“Mama, will you pray for me?”
I love those words. Those are the words I heard tonight after I’d put both boys to bed. Lately, the boys have requested that I pray aloud for them, with them, as they drift off to sleep. Tonight, Andrew seemed more settled and I didn’t want to upset him with the prayer. I sneaked out, thinking I would steal a few minutes to relax in Mark’s big chair, maybe watch the local news and weather, or even write here in my blog. You see, my boys, our boys, are having a hard time, especially at bedtime, missing their daddy. I think it’s because he was so involved in their nightly routine, and the fact that they’ve slowed down, gotten quiet, and they have time to think about him more. They think about what they’ve lost. What they used to have.
But Andrew needed that prayer tonight. I cranked down from the chair, crawled into his bed, held him tightly and prayed. We pray for comfort, strength, wisdom, understanding. We pray that God’s plan will be revealed to us. We pray that our worries will go away, that we will relax and live for today, leaving God to work out the details of our future.
It’s tough for me, too. The boys want separate rooms, and are sleeping that way. But it makes it doubly hard on me. Trying to comfort and console two sobbing boys, in separate rooms, at the same time, is practically impossible. I’m doing the best that I can, we all are. I hope that it is good enough to get us through this latest bump in the road.
“Mama, you are the best mom in the world. I don’t know what we’d do without you.”
I love hearing that one, too. It’s natural, I guess, that they’ve become more attached to me, more appreciative of the things I do.

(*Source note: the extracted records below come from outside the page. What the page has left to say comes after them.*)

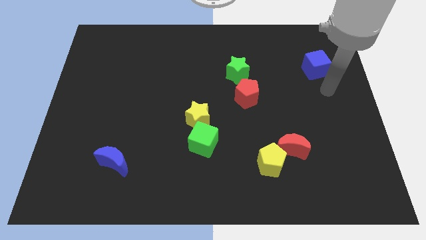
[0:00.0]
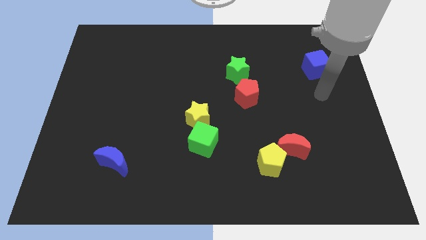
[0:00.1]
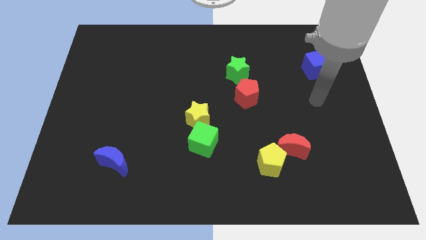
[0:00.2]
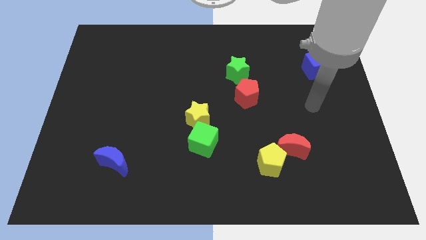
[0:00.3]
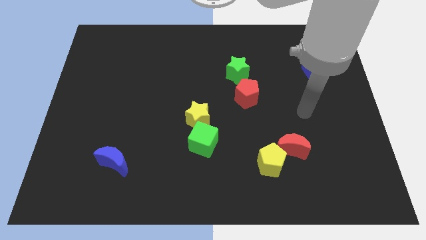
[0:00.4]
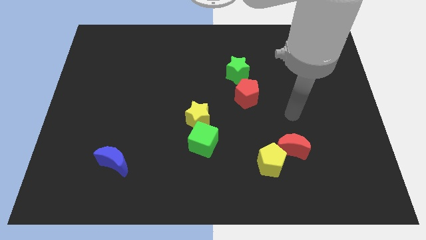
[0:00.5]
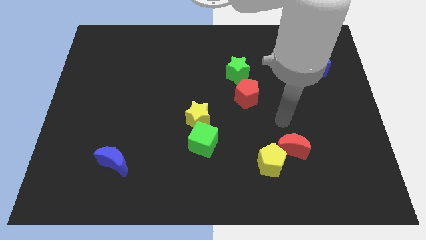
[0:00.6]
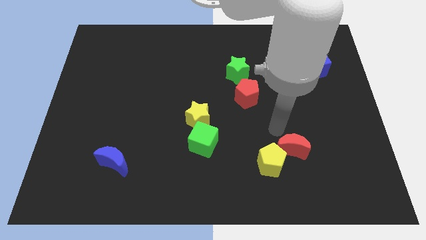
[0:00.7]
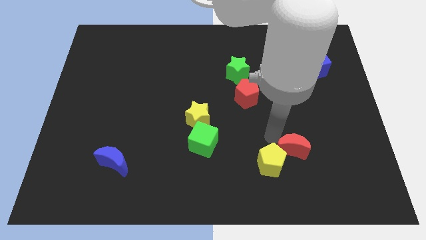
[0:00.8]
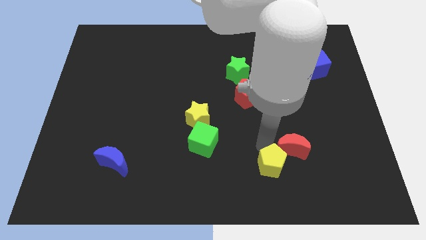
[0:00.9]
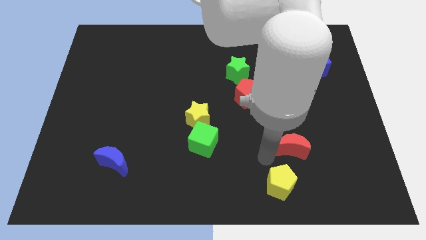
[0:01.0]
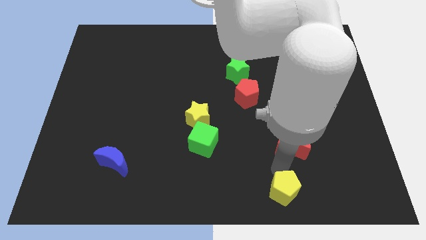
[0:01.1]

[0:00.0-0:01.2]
separate the red moon from the yellow pentagon

Ben has moved out from my bed, which is a big deal. He was becoming too attached, and we both needed our separate space.
“Mom, when did you know that you loved Daddy?”
That’s a great one. For me, it really was love at first sight. It may sound like a tired old cliche, but it was true in our case. It took awhile to get your Daddy to come around, but homemade brownies, piano music, and good old Kentucky Southern charm finally won him over.
“Mom, why did God take Dad?”
I don’t have the answer to that one. I never will understand God’s reasoning. I’ve been told by many wiser people than me that on the day I stand face to face with Jesus, in heaven, I will understand it all. In the meantime, no earthly explanation makes any sense whatsoever. The best I can come up with is that bad things happen to good people all of the time. No family is immune.
Even in the midst of all this pain, I can look back over these past 8 plus months and see good things that have come from it. I have developed a deeper relationship with my God, and I am a kinder, gentler, more patient woman and mother. I don’t take anything for granted, and I’m striving to live every day the way Mark did, to the fullest. I try to look for the positive in people and in situations, like he did. I never heard the man utter one negative comment about anyone or anything, and that’s no exaggeration. I could do alot worse than live like he did. “Living like Daddy,” that’s my aspiration.
Andrew and Ben, good kids before losing Mark, have become simply extraordinary. They are so empathetic, so kind, generous to a fault. They are fiercely protective of me, and of each other. I know Mark’s so very proud. They seem wise beyond their years. It’s a direct result of their circumstances, and I can’t stop it. So, instead I choose to embrace it, making sure they have abundant opportunities to “just be” 8 and 10 year old boys.
We made it through Easter, and it wasn’t as hard as I expected. That is a good thing. We planned an over night getaway for that evening, with the boys being off yesterday; Great Wolf Lodge was the diversion, and it was a resounding success. They played, they swam, they waterparked. They spent hours on MagiQuest throughout the lodge (a sort of interactive game with wands and specific quests/hunts for items). I relaxed a bit, working on my column in the big cozy lobby while 3 boys cast spells and looked for clues.
Mark didn’t get chosen for the spot in the Texas Freshwater Fishing Hall of Fame this year. I was initially disappointed, because I know in my heart he deserves it, but I was encouraged to re-submit him next year. I have decided that time will give me a more objective perspective on his application, and I can make it so much better by next February. See, there’s that positive spin I’m trying to put on things….
We’re healthy, we’re busy, and we’re making it. There are happy moments interspersed in the midst of the tears and sadness. We laugh. We cry. We remember. We laugh some more.
We know where Mark is. We know that we will see him again. The boys chuckle that they are sure that he’s cooked fish for Jesus, and that he free falls on a regular basis, just because he can. They talk to him, and they say he talks back. I believe them. I can hear him urging me on, or chiding me whenever I do something he wouldn’t approve of. I want to make him proud. I’ll spend the rest of my life doing just that, raising his boys the way he wanted. For they are his greatest legacy.